Present-day regional ice flow is southward from a dome centered on the northern Executive Committee Range where ice elevations reach 2200 m. WAIS surface elevations near Mt. Waesche are ~2000 m above sea level and the ice-covered summit caldera reaches 3200 m above sea level. A combination of ice flow processes and local winds have resulted in a notable local ablation (blue ice) area that occurs to the southwest of Mt. Waesche (Fig. 6b). This blue ice area, which is 8 by 10 km in extent, contains numerous englacial tephra layers that represent a repository of local and distal volcanism (Dunbar and others, Reference Dunbar, Smellie, Panter and Geyer2021). The geometry of tephra layers indicates that in some areas the local ice has undergone complex deformation, likely as a result of interacting with subglacial bedrock topography. Work at Mt. Waesche seeks to better understand both the tephra stratigraphy and complex deformation using GPR survey information.

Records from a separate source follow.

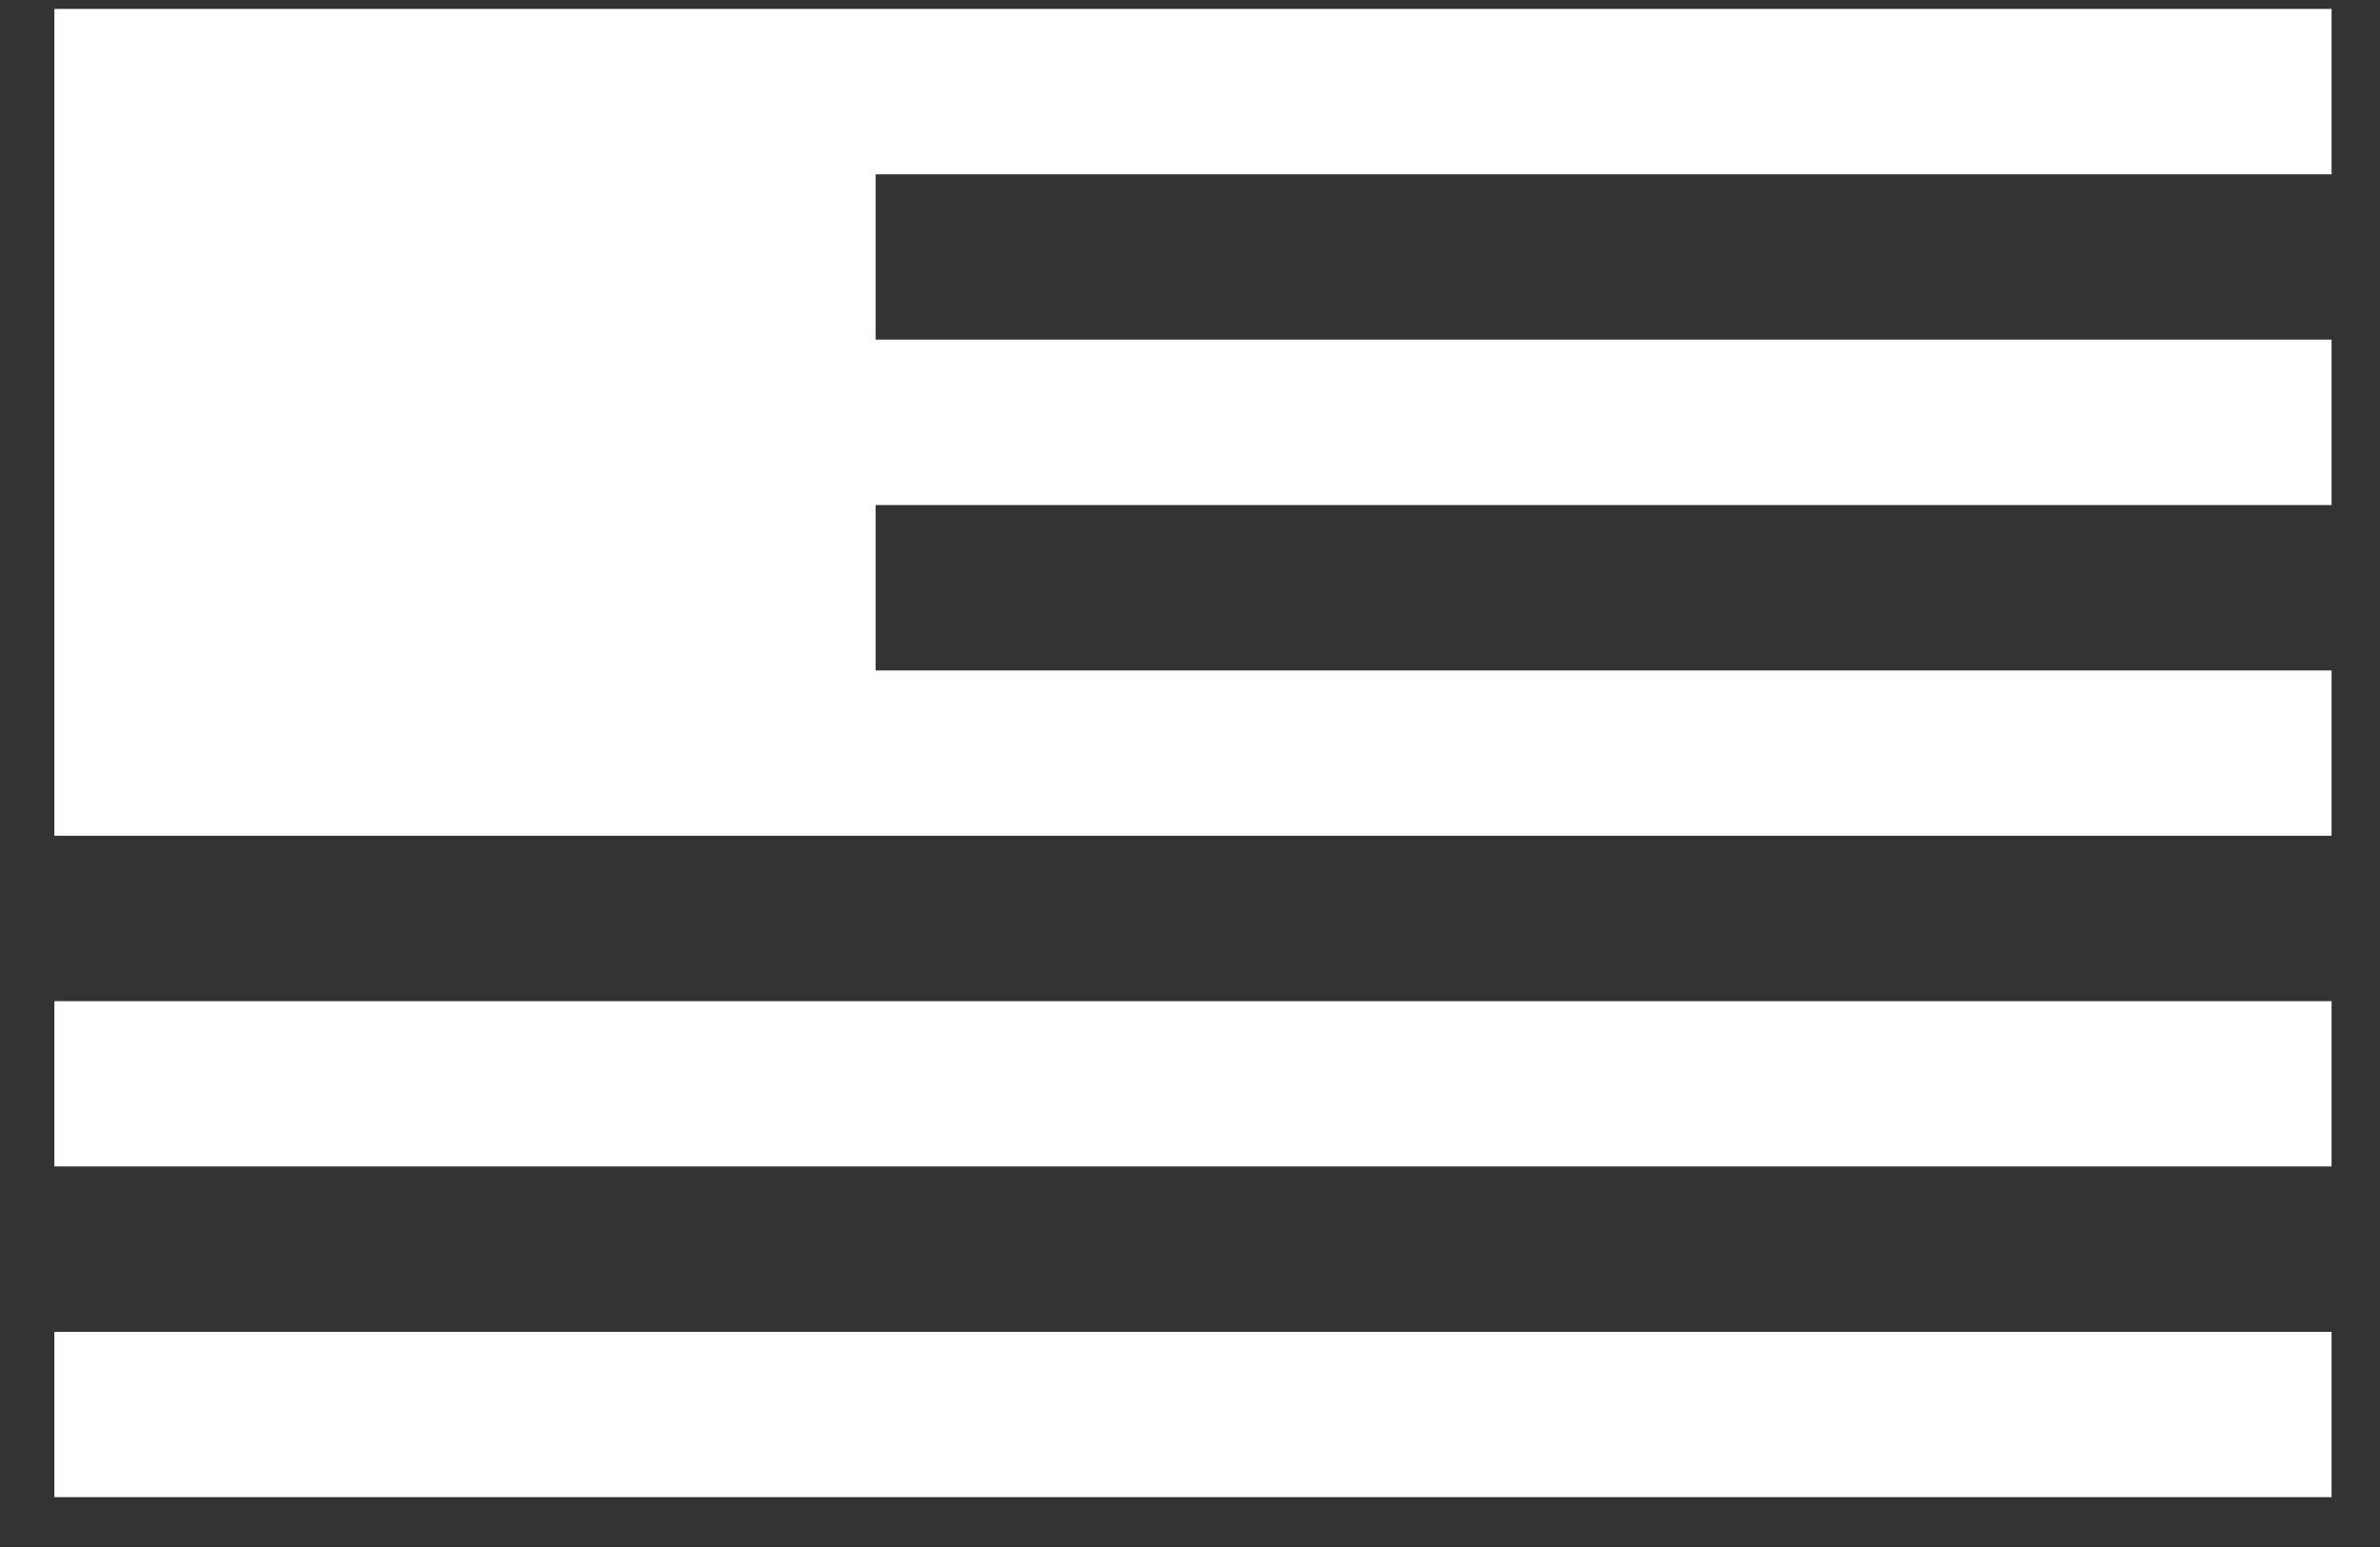 <svg width="20" height="13" viewBox="0 0 20 13" fill="none" xmlns="http://www.w3.org/2000/svg">
<rect x="0" y="0" width="20" height="13" fill="#333333" stroke="none"/>
<path d="M19.593 1.465V0.075H0.457V7.023H19.593V5.634H7.358V4.244H19.593V2.854H7.358V1.465H19.593Z" fill="white"/>
<path d="M19.593 8.413H0.457V9.802H19.593V8.413Z" fill="white"/>
<path d="M19.593 11.192H0.457V12.581H19.593V11.192Z" fill="white"/>
</svg>

3.5.2 Preparations for upcoming drill season

IDP will deploy their Eclipse and Winkie Drill equipment at Mt. Waesche in the upcoming drilling season. The drilling objective is to collect eight subglacial bedrock cores (at least 0.5 m in length) from depths ranging from 30–100 m. In advance of the drilling season, IDP plans to test new downhole coring tools with improved bit clearance as a potential solution to the bit plugging and glazing that has negatively impacted drilling efforts at other sites (e.g. Hudson Mountains, section 3.3). If successful, new tooling may substantially increase the likelihood of recovering multiple bedrock cores in a single field season by improving drill performance in sediment rich basal environments. Additionally, IDP plans to rely on a new full-face ice drilling bit which can provide faster access to the bed at greater drill depths than the Eclipse drill that has previously been used.

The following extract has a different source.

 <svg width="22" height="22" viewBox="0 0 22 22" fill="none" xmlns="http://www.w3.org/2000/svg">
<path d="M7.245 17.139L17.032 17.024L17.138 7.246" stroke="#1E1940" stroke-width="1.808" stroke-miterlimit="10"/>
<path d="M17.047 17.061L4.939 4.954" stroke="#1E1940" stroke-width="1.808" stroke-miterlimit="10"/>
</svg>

Detailed grid surveys were carried out in 2018/19 to obtain 3-D radargrams of the sites. The advantage of 3-D imaging for drill site selection is to map out potential near-surface hazards, to better reduce ice thickness estimates in areas with complex subglacial topography, and to preselect multiple target drill sites. The targeted drill sites are noted in Figure 6b and an example of the 3-D radargrams from one of the drill sites in shown in Figure 7. A reconnaissance GPR season is advantageous at a site like Mt. Waesche because the drill site is located over slow-moving blue ice so the complications presented by crevassing are not an issue like at other sites such as the Hudson Mountains.

Figure 7.

(a) A 3-D-processed radargram collected in 2018/19 used for drill site selection for the upcoming field campaign. The radar profiles were time-zero corrected, distance normalized to flag survey points (spaced at 10 m intervals) and migrated to increase ice thickness estimates and reduce the noise to signal ratio. (b) example of 3-D radar profile shown in slices at various depths beneath the ice surface (40, 46, 52, 58 m). On the horizontal plane, the darker colors indicate ice and the areas of white indicate bedrock (BR). Note that the ratio of bedrock to ice increases with depth. Orientation of a – a’ and b – b’ can be found in panel (c). (c) Image showing location of GPR survey (red lines) near the flank of Mt. Waesche. Imagery from Google Earth: Imagery © 2023 Maxar.